• DIRECTIONS:
Transcribe the records verbatim, images excluded.

Data excerpts:

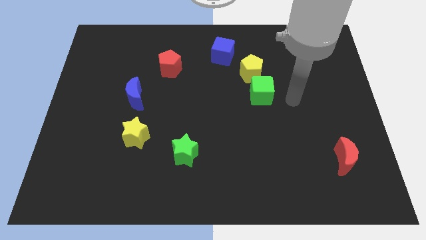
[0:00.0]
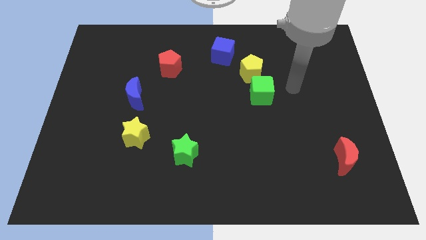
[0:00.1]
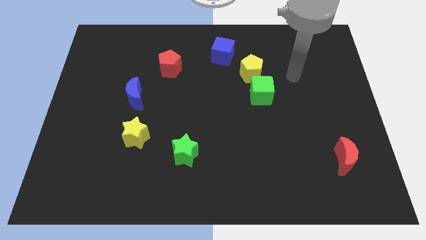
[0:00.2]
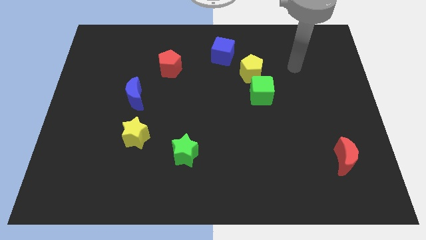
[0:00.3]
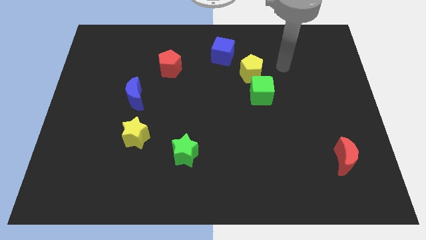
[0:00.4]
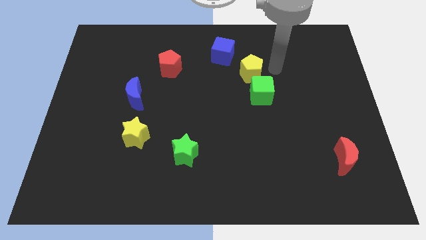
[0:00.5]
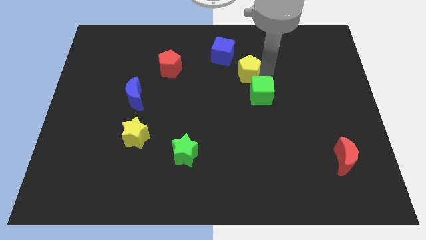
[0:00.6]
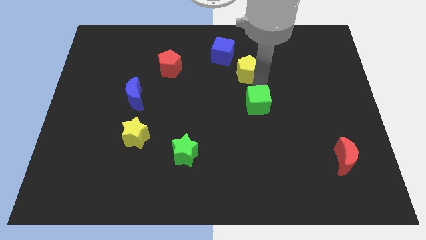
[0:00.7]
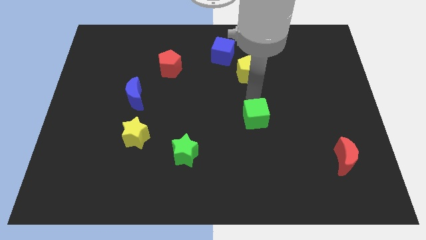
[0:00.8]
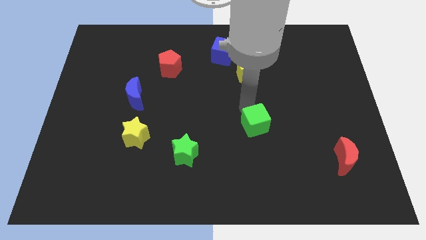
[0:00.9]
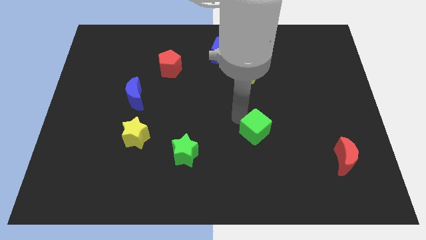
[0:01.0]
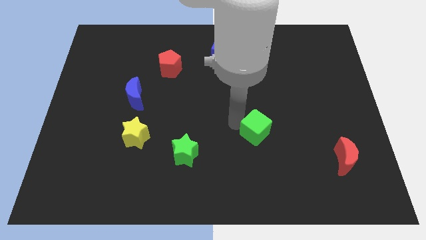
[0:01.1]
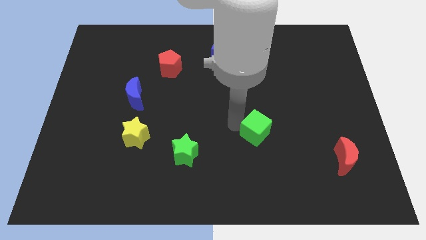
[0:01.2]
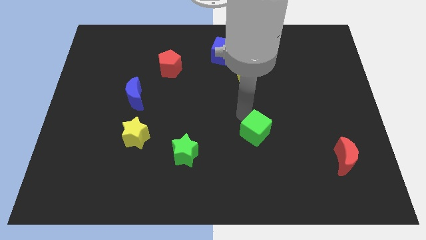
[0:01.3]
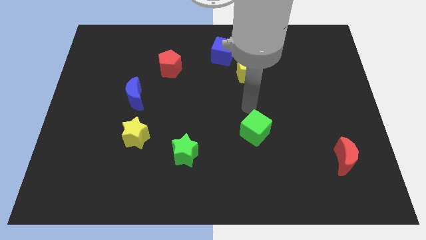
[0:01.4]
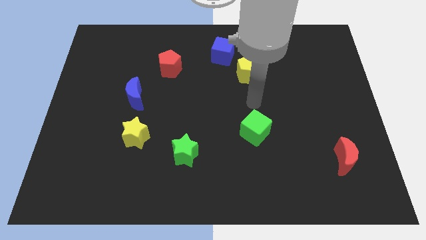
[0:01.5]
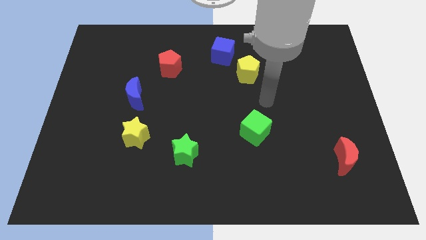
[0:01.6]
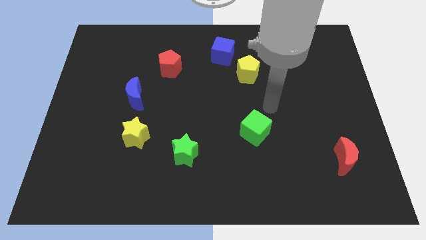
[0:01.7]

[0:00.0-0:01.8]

• RESPONSE AREA:
[0:00.0]
[0:00.1]
[0:00.2]
[0:00.3]
[0:00.4]
[0:00.5]
[0:00.6]
[0:00.7]
[0:00.8]
[0:00.9]
[0:01.0]
[0:01.1]
[0:01.2]
[0:01.3]
[0:01.4]
[0:01.5]
[0:01.6]
[0:01.7]

[0:00.0-0:01.8]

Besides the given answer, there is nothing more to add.